I give you an audio file (let's say just regular old PCM wav format). You cannot do anything with this without making some decisions about what happens next to the data. For audio, you're very minimally faced with the question of whether to do a transform into the frequency domain. If you don't do that, there's a ton of feature classification that can never be done. No audio to vector model can make that sort of decision for itself - humans have to make the possible.
Raw inputs are suitable for some things, but essentially E5 is just one that has already had a large number of assumptions built into it that happen to give pretty good results. Nevertheless, were you interested for some weird reason in a very strange metric of text similarity, nothing prebuilt, even E5, is going to give that to you. Let's look at what E5 does:
> The primary purpose of embedding models is to convert discrete symbols, such as words, into continuous-valued vectors. These vectors are designed in such a way that similar words or entities have vectors that are close to each other in the vector space, reflecting their semantic similarity.
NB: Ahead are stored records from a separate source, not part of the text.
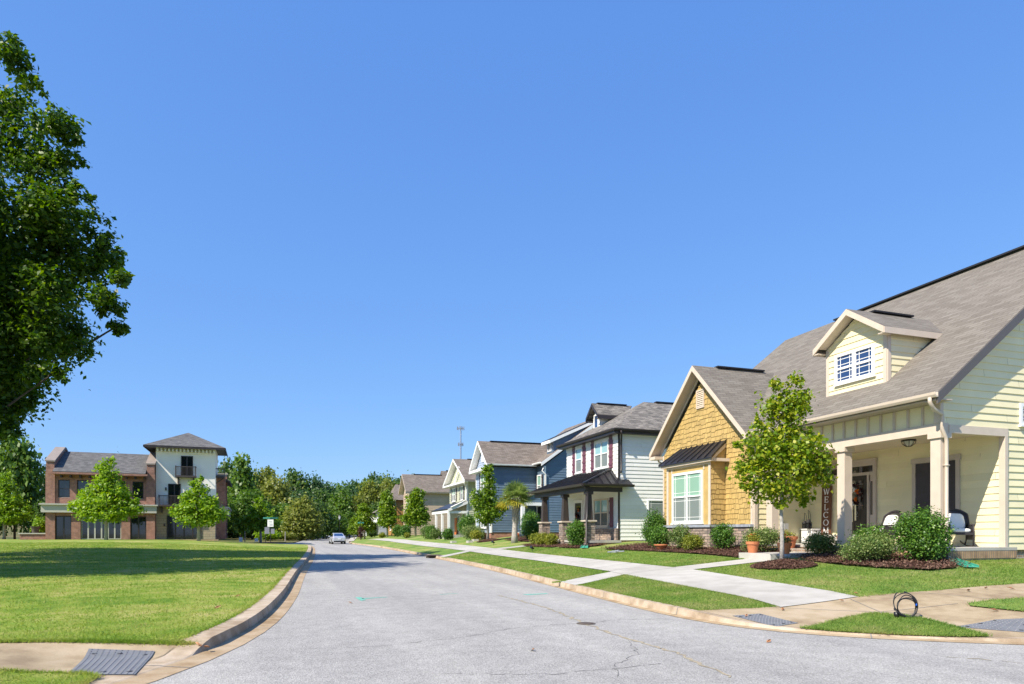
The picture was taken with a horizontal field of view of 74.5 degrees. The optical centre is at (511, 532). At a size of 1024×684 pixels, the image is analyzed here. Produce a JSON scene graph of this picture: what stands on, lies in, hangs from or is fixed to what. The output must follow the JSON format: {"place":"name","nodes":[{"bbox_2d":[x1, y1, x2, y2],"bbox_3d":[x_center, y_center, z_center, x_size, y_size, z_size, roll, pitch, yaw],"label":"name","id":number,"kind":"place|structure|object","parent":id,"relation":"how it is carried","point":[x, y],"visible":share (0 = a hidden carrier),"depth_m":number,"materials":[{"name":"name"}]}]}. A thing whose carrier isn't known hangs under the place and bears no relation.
{"place":"outdoors","nodes":[
{"label":"outdoors","id":0,"kind":"place"},
{"bbox_2d":[0,665,104,683],"bbox_3d":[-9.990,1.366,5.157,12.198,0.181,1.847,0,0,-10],"label":"grass","id":1,"kind":"structure","parent":0,"point":[92,677],"depth_m":6.76,"materials":[{"name":"green plant"}]},
{"bbox_2d":[0,637,187,678],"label":"pavement","id":2,"kind":"structure","parent":0,"point":[49,655],"depth_m":7.92,"materials":[{"name":"concrete"}]},
{"bbox_2d":[72,648,153,673],"bbox_3d":[-4.504,1.431,7.547,0.770,0.069,1.490,0,0,-19],"label":"tactile pad","id":3,"kind":"object","parent":2,"relation":"on","point":[108,661],"visible":0.94,"depth_m":7.66,"materials":[{"name":"metal"}]},
{"bbox_2d":[0,524,298,543],"bbox_3d":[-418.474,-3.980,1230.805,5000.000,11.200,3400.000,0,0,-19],"label":"ground","id":4,"kind":"structure","parent":0,"point":[10,530],"depth_m":227.18,"materials":[{"name":"green plant"}]},
{"bbox_2d":[0,471,37,538],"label":"maple tree","id":5,"kind":"object","parent":4,"relation":"on","point":[11,504],"visible":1,"depth_m":77.41,"materials":[{"name":"green plant"}]},
{"bbox_2d":[0,428,46,538],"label":"broadleaf tree","id":6,"kind":"object","parent":4,"relation":"on","point":[20,463],"visible":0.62,"depth_m":87.29,"materials":[{"name":"green plant"}]},
{"bbox_2d":[23,497,44,532],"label":"broadleaf tree","id":7,"kind":"object","parent":4,"relation":"on","point":[39,512],"visible":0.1,"depth_m":85.46,"materials":[{"name":"green plant"}]},
{"bbox_2d":[87,544,314,683],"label":"kerb","id":8,"kind":"structure","parent":4,"relation":"on","point":[267,611],"depth_m":9.38,"materials":[{"name":"concrete"}]},
{"bbox_2d":[227,452,259,536],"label":"broadleaf tree","id":9,"kind":"object","parent":4,"relation":"on","point":[245,476],"visible":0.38,"depth_m":119.20,"materials":[{"name":"green plant"}]},
{"bbox_2d":[238,493,282,542],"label":"maple tree","id":10,"kind":"object","parent":4,"relation":"on","point":[253,519],"visible":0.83,"depth_m":91.32,"materials":[{"name":"green plant"}]},
{"bbox_2d":[253,465,280,492],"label":"broadleaf tree","id":11,"kind":"object","parent":4,"relation":"on","point":[266,473],"visible":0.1,"depth_m":139.20,"materials":[{"name":"green plant"}]},
{"bbox_2d":[272,501,296,538],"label":"broadleaf tree","id":12,"kind":"object","parent":4,"relation":"on","point":[282,508],"visible":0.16,"depth_m":116.86,"materials":[{"name":"green plant"}]},
{"bbox_2d":[281,467,310,495],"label":"broadleaf tree","id":13,"kind":"object","parent":4,"relation":"on","point":[295,484],"visible":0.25,"depth_m":148.34,"materials":[{"name":"green plant"}]},
{"bbox_2d":[286,489,323,505],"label":"broadleaf tree","id":14,"kind":"object","parent":4,"relation":"on","point":[301,493],"visible":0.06,"depth_m":131.18,"materials":[{"name":"green plant"}]},
{"bbox_2d":[298,471,327,535],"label":"broadleaf tree","id":15,"kind":"object","parent":4,"relation":"on","point":[314,482],"visible":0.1,"depth_m":149.54,"materials":[{"name":"green plant"}]},
{"bbox_2d":[309,487,333,510],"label":"broadleaf tree","id":16,"kind":"object","parent":4,"relation":"on","point":[321,494],"visible":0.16,"depth_m":143.36,"materials":[{"name":"green plant"}]},
{"bbox_2d":[304,496,340,538],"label":"broadleaf tree","id":17,"kind":"object","parent":4,"relation":"on","point":[330,518],"visible":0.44,"depth_m":124.68,"materials":[{"name":"green plant"}]},
{"bbox_2d":[330,509,348,536],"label":"broadleaf tree","id":18,"kind":"object","parent":4,"relation":"on","point":[343,527],"visible":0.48,"depth_m":129.53,"materials":[{"name":"green plant"}]},
{"bbox_2d":[327,488,357,516],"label":"broadleaf tree","id":19,"kind":"object","parent":4,"relation":"on","point":[341,502],"visible":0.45,"depth_m":138.53,"materials":[{"name":"green plant"}]},
{"bbox_2d":[353,478,380,506],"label":"broadleaf tree","id":20,"kind":"object","parent":4,"relation":"on","point":[368,489],"visible":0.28,"depth_m":158.23,"materials":[{"name":"green plant"}]},
{"bbox_2d":[370,474,396,505],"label":"broadleaf tree","id":21,"kind":"object","parent":4,"relation":"on","point":[388,485],"visible":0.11,"depth_m":159.26,"materials":[{"name":"green plant"}]},
{"bbox_2d":[349,541,1023,644],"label":"kerb","id":22,"kind":"structure","parent":4,"relation":"on","point":[673,610],"depth_m":11.78,"materials":[{"name":"concrete"}]},
{"bbox_2d":[0,539,307,646],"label":"lawn","id":23,"kind":"structure","parent":0,"point":[189,542],"depth_m":16.48,"materials":[{"name":"green plant"}]},
{"bbox_2d":[0,30,135,442],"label":"oak tree","id":24,"kind":"object","parent":23,"relation":"on","point":[37,321],"visible":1,"depth_m":30.30,"materials":[{"name":"green plant"}]},
{"bbox_2d":[66,456,148,539],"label":"maple tree","id":25,"kind":"object","parent":23,"relation":"on","point":[103,501],"visible":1,"depth_m":67.31,"materials":[{"name":"green plant"}]},
{"bbox_2d":[167,474,230,540],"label":"maple tree","id":26,"kind":"object","parent":23,"relation":"on","point":[196,509],"visible":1,"depth_m":69.30,"materials":[{"name":"green plant"}]},
{"bbox_2d":[0,533,309,542],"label":"ground","id":27,"kind":"structure","parent":0,"point":[231,539],"depth_m":108.20,"materials":[{"name":"green plant"}]},
{"bbox_2d":[218,456,236,535],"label":"broadleaf tree","id":28,"kind":"object","parent":27,"relation":"on","point":[225,466],"visible":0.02,"depth_m":133.76,"materials":[{"name":"green plant"}]},
{"bbox_2d":[227,487,278,538],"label":"broadleaf tree","id":29,"kind":"object","parent":27,"relation":"on","point":[244,501],"visible":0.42,"depth_m":113.30,"materials":[{"name":"green plant"}]},
{"bbox_2d":[253,531,281,540],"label":"shrub","id":30,"kind":"object","parent":27,"relation":"on","point":[276,535],"visible":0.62,"depth_m":104.50,"materials":[{"name":"green plant"}]},
{"bbox_2d":[259,469,302,508],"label":"broadleaf tree","id":31,"kind":"object","parent":27,"relation":"on","point":[277,490],"visible":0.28,"depth_m":133.23,"materials":[{"name":"green plant"}]},
{"bbox_2d":[276,492,329,540],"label":"broadleaf tree","id":32,"kind":"object","parent":27,"relation":"on","point":[301,519],"visible":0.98,"depth_m":110.79,"materials":[{"name":"green plant"}]},
{"bbox_2d":[388,484,403,535],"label":"house","id":33,"kind":"structure","parent":0,"point":[396,496],"depth_m":108.03,"materials":[{"name":"orange"}]},
{"bbox_2d":[0,0,1023,493],"label":"sky","id":34,"kind":"structure","parent":0,"point":[358,234],"materials":[{"name":"blue"}]},
{"bbox_2d":[147,535,1023,683],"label":"road","id":35,"kind":"structure","parent":0,"point":[404,618],"depth_m":8.96,"materials":[{"name":"grey asphalt"}]},
{"bbox_2d":[328,533,345,543],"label":"car","id":36,"kind":"object","parent":35,"relation":"on","point":[338,537],"visible":1,"depth_m":89.03,"materials":[{"name":"silver metal"}]},
{"bbox_2d":[561,572,622,584],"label":"path","id":37,"kind":"structure","parent":0,"point":[586,579],"depth_m":18.98,"materials":[{"name":"concrete"}]},
{"bbox_2d":[369,538,857,606],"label":"pavement","id":38,"kind":"structure","parent":0,"point":[778,594],"depth_m":17.06,"materials":[{"name":"concrete"}]},
{"bbox_2d":[352,535,1023,636],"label":"lawn","id":39,"kind":"structure","parent":0,"point":[501,542],"depth_m":25.63,"materials":[{"name":"green plant"}]},
{"bbox_2d":[353,502,374,538],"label":"maple tree","id":40,"kind":"object","parent":39,"relation":"on","point":[365,516],"visible":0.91,"depth_m":107.33,"materials":[{"name":"green plant"}]},
{"bbox_2d":[374,489,398,536],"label":"maple tree","id":41,"kind":"object","parent":39,"relation":"on","point":[387,516],"visible":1,"depth_m":104.25,"materials":[{"name":"green plant"}]},
{"bbox_2d":[399,487,430,536],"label":"maple tree","id":42,"kind":"object","parent":39,"relation":"on","point":[416,515],"visible":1,"depth_m":90.16,"materials":[{"name":"green plant"}]},
{"bbox_2d":[398,470,449,534],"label":"house","id":43,"kind":"structure","parent":39,"relation":"on","point":[437,496],"depth_m":96.79,"materials":[{"name":"beige"}]},
{"bbox_2d":[431,459,475,538],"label":"house","id":44,"kind":"structure","parent":39,"relation":"on","point":[460,481],"depth_m":71.67,"materials":[{"name":"white"}]},
{"bbox_2d":[455,512,475,536],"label":"shrub","id":45,"kind":"object","parent":39,"relation":"on","point":[468,520],"visible":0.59,"depth_m":65.14,"materials":[{"name":"green plant"}]},
{"bbox_2d":[459,524,485,540],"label":"shrub","id":46,"kind":"object","parent":39,"relation":"on","point":[466,531],"visible":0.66,"depth_m":57.01,"materials":[{"name":"green plant"}]},
{"bbox_2d":[468,463,508,541],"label":"maple tree","id":47,"kind":"object","parent":39,"relation":"on","point":[485,505],"visible":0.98,"depth_m":51.61,"materials":[{"name":"green plant"}]},
{"bbox_2d":[496,479,534,542],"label":"palm tree","id":48,"kind":"object","parent":39,"relation":"on","point":[515,495],"visible":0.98,"depth_m":45.35,"materials":[{"name":"green plant"}]},
{"bbox_2d":[442,552,608,582],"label":"grass","id":49,"kind":"structure","parent":39,"relation":"on","point":[559,572],"depth_m":24.87,"materials":[{"name":"green plant"}]},
{"bbox_2d":[469,422,592,538],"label":"house","id":50,"kind":"structure","parent":39,"relation":"on","point":[532,466],"depth_m":56.46,"materials":[{"name":"blue wood"}]},
{"bbox_2d":[504,535,558,540],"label":"mulch bed","id":51,"kind":"object","parent":39,"relation":"on","point":[521,538],"visible":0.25,"depth_m":47.94,"materials":[{"name":"brown wood"}]},
{"bbox_2d":[519,510,540,536],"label":"shrub","id":52,"kind":"object","parent":51,"relation":"on","point":[532,515],"visible":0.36,"depth_m":50.10,"materials":[{"name":"green plant"}]},
{"bbox_2d":[521,518,539,538],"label":"shrub","id":53,"kind":"object","parent":51,"relation":"on","point":[531,527],"visible":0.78,"depth_m":46.64,"materials":[{"name":"green plant"}]},
{"bbox_2d":[552,543,607,547],"bbox_3d":[3.531,0.655,35.562,2.474,0.285,3.233,0,0,-19],"label":"mulch bed","id":54,"kind":"object","parent":39,"relation":"on","point":[570,546],"visible":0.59,"depth_m":34.87,"materials":[{"name":"brown wood"}]},
{"bbox_2d":[565,519,585,545],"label":"shrub","id":55,"kind":"object","parent":54,"relation":"on","point":[575,533],"visible":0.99,"depth_m":35.03,"materials":[{"name":"green plant"}]},
{"bbox_2d":[528,401,673,546],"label":"house","id":56,"kind":"structure","parent":39,"relation":"on","point":[610,486],"depth_m":36.81,"materials":[{"name":"white"}]},
{"bbox_2d":[575,445,581,474],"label":"window","id":57,"kind":"structure","parent":56,"relation":"in","point":[578,453],"depth_m":40.83,"materials":[{"name":"glass"}]},
{"bbox_2d":[593,438,608,470],"bbox_3d":[5.004,-4.405,37.877,0.100,1.670,1.830,0,0,-19],"label":"window","id":58,"kind":"structure","parent":56,"relation":"in","point":[601,451],"depth_m":37.85,"materials":[{"name":"white glass"}]},
{"bbox_2d":[593,498,608,527],"bbox_3d":[4.988,-1.100,37.924,0.100,1.600,1.880,0,0,-19],"label":"window","id":59,"kind":"structure","parent":56,"relation":"in","point":[600,506],"depth_m":37.87,"materials":[{"name":"grey"}]},
{"bbox_2d":[647,500,662,522],"bbox_3d":[7.945,-1.175,36.743,1.280,1.250,0.100,0,0,-19],"label":"window","id":60,"kind":"structure","parent":56,"relation":"in","point":[651,504],"depth_m":36.73,"materials":[{"name":"white glass"}]},
{"bbox_2d":[505,546,744,566],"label":"grass","id":61,"kind":"structure","parent":39,"relation":"on","point":[685,559],"depth_m":25.16,"materials":[{"name":"green plant"}]},
{"bbox_2d":[578,574,775,609],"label":"grass","id":62,"kind":"structure","parent":39,"relation":"on","point":[623,584],"depth_m":14.26,"materials":[{"name":"green plant"}]},
{"bbox_2d":[603,542,778,556],"bbox_3d":[6.886,0.601,27.442,3.095,0.375,11.605,0,0,-19],"label":"mulch bed","id":63,"kind":"object","parent":39,"relation":"on","point":[705,550],"visible":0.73,"depth_m":25.71,"materials":[{"name":"brown wood"}]},
{"bbox_2d":[635,507,666,545],"bbox_3d":[6.458,-0.256,30.700,1.392,1.926,1.403,0,0,-44],"label":"shrub","id":64,"kind":"object","parent":63,"relation":"on","point":[654,518],"visible":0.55,"depth_m":30.56,"materials":[{"name":"green plant"}]},
{"bbox_2d":[647,524,668,547],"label":"shrub","id":65,"kind":"object","parent":63,"relation":"on","point":[656,535],"visible":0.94,"depth_m":29.20,"materials":[{"name":"green plant"}]},
{"bbox_2d":[663,522,691,549],"bbox_3d":[6.724,0.129,27.246,1.307,1.302,1.286,0,0,-19],"label":"shrub","id":66,"kind":"object","parent":63,"relation":"on","point":[677,534],"visible":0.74,"depth_m":27.05,"materials":[{"name":"green plant"}]},
{"bbox_2d":[680,532,707,550],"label":"shrub","id":67,"kind":"object","parent":63,"relation":"on","point":[694,541],"visible":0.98,"depth_m":25.78,"materials":[{"name":"green plant"}]},
{"bbox_2d":[708,522,738,549],"bbox_3d":[7.884,0.125,25.209,1.165,1.297,1.214,0,0,-19],"label":"shrub","id":68,"kind":"object","parent":63,"relation":"on","point":[722,536],"visible":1,"depth_m":25.03,"materials":[{"name":"green plant"}]},
{"bbox_2d":[738,522,779,551],"bbox_3d":[8.470,0.248,22.843,1.472,1.188,1.549,0,0,4],"label":"shrub","id":69,"kind":"object","parent":63,"relation":"on","point":[768,537],"visible":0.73,"depth_m":22.58,"materials":[{"name":"green plant"}]},
{"bbox_2d":[739,552,809,559],"bbox_3d":[8.616,0.845,21.413,2.200,0.410,1.500,0,0,-19],"label":"step","id":70,"kind":"object","parent":39,"relation":"on","point":[764,555],"visible":0.36,"depth_m":20.82,"materials":[{"name":"concrete"}]},
{"bbox_2d":[746,532,760,552],"bbox_3d":[7.688,0.311,21.577,0.538,0.658,0.535,0,0,-19],"label":"flower pot","id":71,"kind":"object","parent":70,"relation":"on","point":[752,546],"visible":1,"depth_m":21.48,"materials":[{"name":"ceramic"}]},
{"bbox_2d":[750,558,817,568],"bbox_3d":[7.448,0.838,18.476,1.742,0.274,1.754,0,0,-19],"label":"mulch bed","id":72,"kind":"object","parent":39,"relation":"on","point":[780,563],"visible":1,"depth_m":18.09,"materials":[{"name":"brown wood"}]},
{"bbox_2d":[725,370,838,558],"bbox_3d":[7.610,-1.810,18.938,2.629,5.478,2.374,0,0,-31],"label":"maple tree","id":73,"kind":"object","parent":72,"relation":"on","point":[804,463],"visible":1,"depth_m":18.71,"materials":[{"name":"green plant"}]},
{"bbox_2d":[649,245,1023,560],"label":"house","id":74,"kind":"structure","parent":39,"relation":"on","point":[934,368],"depth_m":21.32,"materials":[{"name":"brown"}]},
{"bbox_2d":[670,470,703,524],"bbox_3d":[7.242,-1.435,27.938,0.100,2.170,2.300,0,0,-19],"label":"window","id":75,"kind":"structure","parent":74,"relation":"in","point":[687,487],"depth_m":27.90,"materials":[{"name":"white paint"}]},
{"bbox_2d":[821,486,831,534],"bbox_3d":[11.667,-0.670,24.985,0.038,2.100,0.460,2,-1,-19],"label":"welcome sign","id":76,"kind":"object","parent":74,"relation":"on","point":[826,514],"visible":0.86,"depth_m":24.96,"materials":[{"name":"brown wood"}]},
{"bbox_2d":[852,475,866,533],"bbox_3d":[12.145,-0.975,23.780,0.045,2.050,1.010,0,0,-19],"label":"door","id":77,"kind":"structure","parent":74,"relation":"in","point":[861,507],"depth_m":23.57,"materials":[{"name":"black glass"}]},
{"bbox_2d":[869,510,901,542],"bbox_3d":[11.845,-0.159,21.284,0.981,1.112,0.795,0,0,-9],"label":"rocking chair","id":78,"kind":"object","parent":74,"relation":"on","point":[887,517],"visible":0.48,"depth_m":21.22,"materials":[{"name":"brown wicker"}]},
{"bbox_2d":[911,454,960,515],"bbox_3d":[13.125,-1.180,20.887,0.060,2.360,1.660,0,0,-19],"label":"window","id":79,"kind":"structure","parent":74,"relation":"in","point":[920,472],"depth_m":21.14,"materials":[{"name":"grey glass"}]},
{"bbox_2d":[949,508,976,546],"bbox_3d":[12.815,-0.159,19.417,0.795,1.112,0.981,0,0,11],"label":"rocking chair","id":80,"kind":"object","parent":74,"relation":"on","point":[959,518],"visible":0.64,"depth_m":19.43,"materials":[{"name":"brown wicker"}]},
{"bbox_2d":[696,558,1023,596],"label":"grass","id":81,"kind":"structure","parent":39,"relation":"on","point":[991,564],"depth_m":15.36,"materials":[{"name":"green plant"}]},
{"bbox_2d":[794,549,976,568],"bbox_3d":[9.918,0.695,18.458,3.225,0.368,5.574,0,0,-19],"label":"mulch bed","id":82,"kind":"object","parent":39,"relation":"on","point":[904,562],"visible":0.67,"depth_m":17.47,"materials":[{"name":"brown wood"}]},
{"bbox_2d":[777,553,791,558],"bbox_3d":[8.234,0.700,20.349,0.450,0.220,0.348,0,0,-19],"label":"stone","id":83,"kind":"object","parent":82,"relation":"on","point":[787,556],"visible":0.5,"depth_m":20.21,"materials":[{"name":"grey stone"}]},
{"bbox_2d":[777,531,792,553],"bbox_3d":[8.235,0.305,20.323,0.461,0.711,0.505,0,0,16],"label":"flower pot","id":84,"kind":"object","parent":83,"relation":"on","point":[787,543],"visible":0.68,"depth_m":20.24,"materials":[{"name":"ceramic"}]},
{"bbox_2d":[801,528,843,554],"bbox_3d":[9.487,0.344,20.708,1.287,1.002,1.210,0,0,-19],"label":"shrub","id":85,"kind":"object","parent":82,"relation":"on","point":[821,542],"visible":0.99,"depth_m":20.48,"materials":[{"name":"green plant"}]},
{"bbox_2d":[836,530,901,561],"bbox_3d":[9.577,0.410,18.139,1.645,1.039,1.622,0,0,18],"label":"shrub","id":86,"kind":"object","parent":82,"relation":"on","point":[880,545],"visible":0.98,"depth_m":17.89,"materials":[{"name":"green plant"}]},
{"bbox_2d":[847,522,893,555],"bbox_3d":[10.258,0.269,19.264,1.365,1.198,1.363,0,0,-19],"label":"shrub","id":87,"kind":"object","parent":82,"relation":"on","point":[870,529],"visible":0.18,"depth_m":19.19,"materials":[{"name":"green plant"}]},
{"bbox_2d":[886,502,958,560],"bbox_3d":[10.664,0.081,17.571,1.614,1.740,1.629,0,0,-19],"label":"shrub","id":88,"kind":"object","parent":82,"relation":"on","point":[924,534],"visible":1,"depth_m":17.33,"materials":[{"name":"green plant"}]},
{"bbox_2d":[677,559,766,568],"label":"path","id":89,"kind":"structure","parent":0,"point":[716,564],"depth_m":20.31,"materials":[{"name":"concrete"}]},
{"bbox_2d":[699,583,1023,636],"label":"pavement","id":90,"kind":"structure","parent":0,"point":[950,606],"depth_m":11.61,"materials":[{"name":"concrete"}]},
{"bbox_2d":[734,613,796,625],"bbox_3d":[4.120,1.406,10.917,0.570,0.075,0.980,0,0,-19],"label":"tactile pad","id":91,"kind":"object","parent":90,"relation":"on","point":[766,619],"visible":1,"depth_m":10.93,"materials":[{"name":"stone"}]},
{"bbox_2d":[961,618,1023,631],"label":"tactile pad","id":92,"kind":"object","parent":90,"relation":"on","point":[1017,624],"visible":1,"depth_m":10.02,"materials":[{"name":"stone"}]},
{"bbox_2d":[797,611,992,636],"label":"grass","id":93,"kind":"structure","parent":0,"point":[876,624],"depth_m":10.07,"materials":[{"name":"green plant"}]},
{"bbox_2d":[893,591,921,617],"bbox_3d":[6.310,1.149,10.771,0.453,0.412,0.201,0,0,0],"label":"cable coil","id":94,"kind":"object","parent":93,"relation":"on","point":[897,613],"visible":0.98,"depth_m":10.74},
{"bbox_2d":[966,596,1023,611],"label":"lawn","id":95,"kind":"structure","parent":0,"point":[989,603],"depth_m":11.36,"materials":[{"name":"green plant"}]},
{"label":"ground","id":96,"kind":"structure","parent":0,"visible":0},
{"bbox_2d":[18,526,44,539],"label":"planter","id":97,"kind":"object","parent":96,"relation":"on","point":[35,534],"visible":0.95,"depth_m":72.25,"materials":[{"name":"red brick"}]},
{"bbox_2d":[39,433,231,540],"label":"building","id":98,"kind":"structure","parent":96,"relation":"on","point":[162,474],"depth_m":75.92,"materials":[{"name":"red brick"}]},
{"bbox_2d":[56,516,70,538],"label":"window","id":99,"kind":"structure","parent":98,"relation":"in","point":[63,523],"depth_m":72.81,"materials":[{"name":"grey glass"}]},
{"bbox_2d":[58,480,69,497],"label":"window","id":100,"kind":"structure","parent":98,"relation":"in","point":[63,485],"depth_m":72.84,"materials":[{"name":"grey glass"}]},
{"bbox_2d":[81,517,120,538],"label":"window","id":101,"kind":"structure","parent":98,"relation":"in","point":[95,531],"depth_m":74.03,"materials":[{"name":"glass"}]},
{"bbox_2d":[132,482,142,498],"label":"window","id":102,"kind":"structure","parent":98,"relation":"in","point":[136,485],"depth_m":75.45,"materials":[{"name":"black glass"}]},
{"bbox_2d":[131,517,145,538],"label":"window","id":103,"kind":"structure","parent":98,"relation":"in","point":[138,525],"depth_m":75.41,"materials":[{"name":"grey glass"}]},
{"bbox_2d":[168,484,180,504],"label":"window","id":104,"kind":"structure","parent":98,"relation":"in","point":[173,489],"depth_m":77.22,"materials":[{"name":"black glass"}]},
{"bbox_2d":[167,515,200,538],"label":"window","id":105,"kind":"structure","parent":98,"relation":"in","point":[173,532],"depth_m":77.43,"materials":[{"name":"grey glass"}]},
{"bbox_2d":[181,456,192,475],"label":"window","id":106,"kind":"structure","parent":98,"relation":"in","point":[185,460],"depth_m":77.69,"materials":[{"name":"black glass"}]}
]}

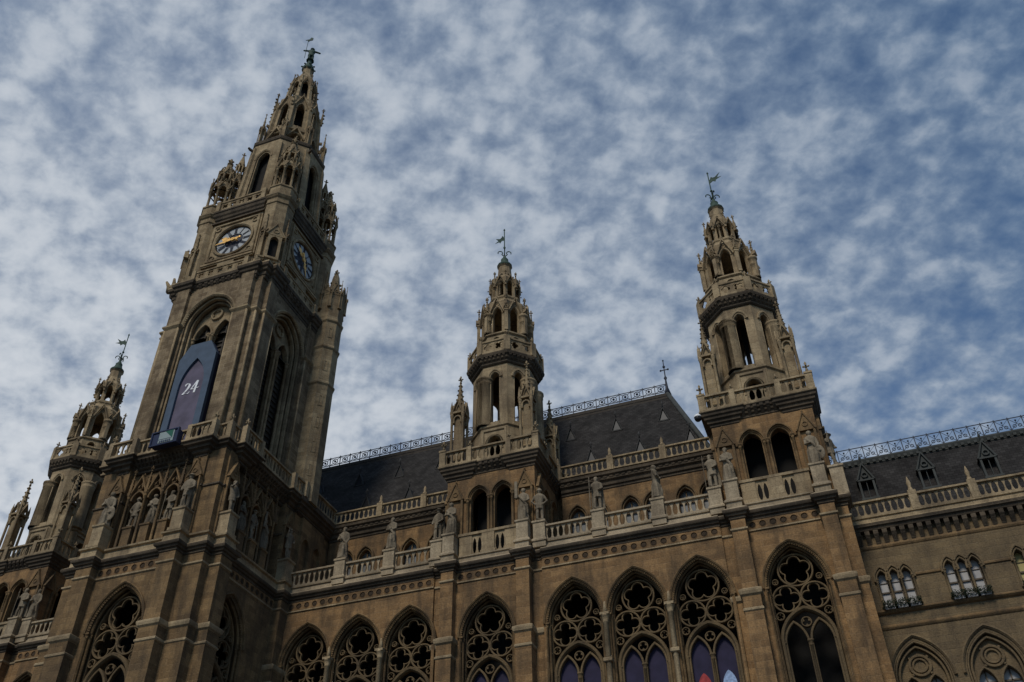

This is great, but useful for only a particular type of textual similarity consideration.
And oh, what's this:
> However, the innovation doesn’t stop there. To further elevate the model’s performance, supervised fine-tuning was introduced. This involved training the E5 embeddings with labeled data, effectively incorporating human knowledge into the learning process. The outcome was a consistent improvement in performance, making E5 a promising approach for advancing the field of embeddings and natural language understanding.
Hmmm ....
Anyway, my point still stands: choosing how to transform raw data into "features" is a human activity, even if the actual transformation itself is automated.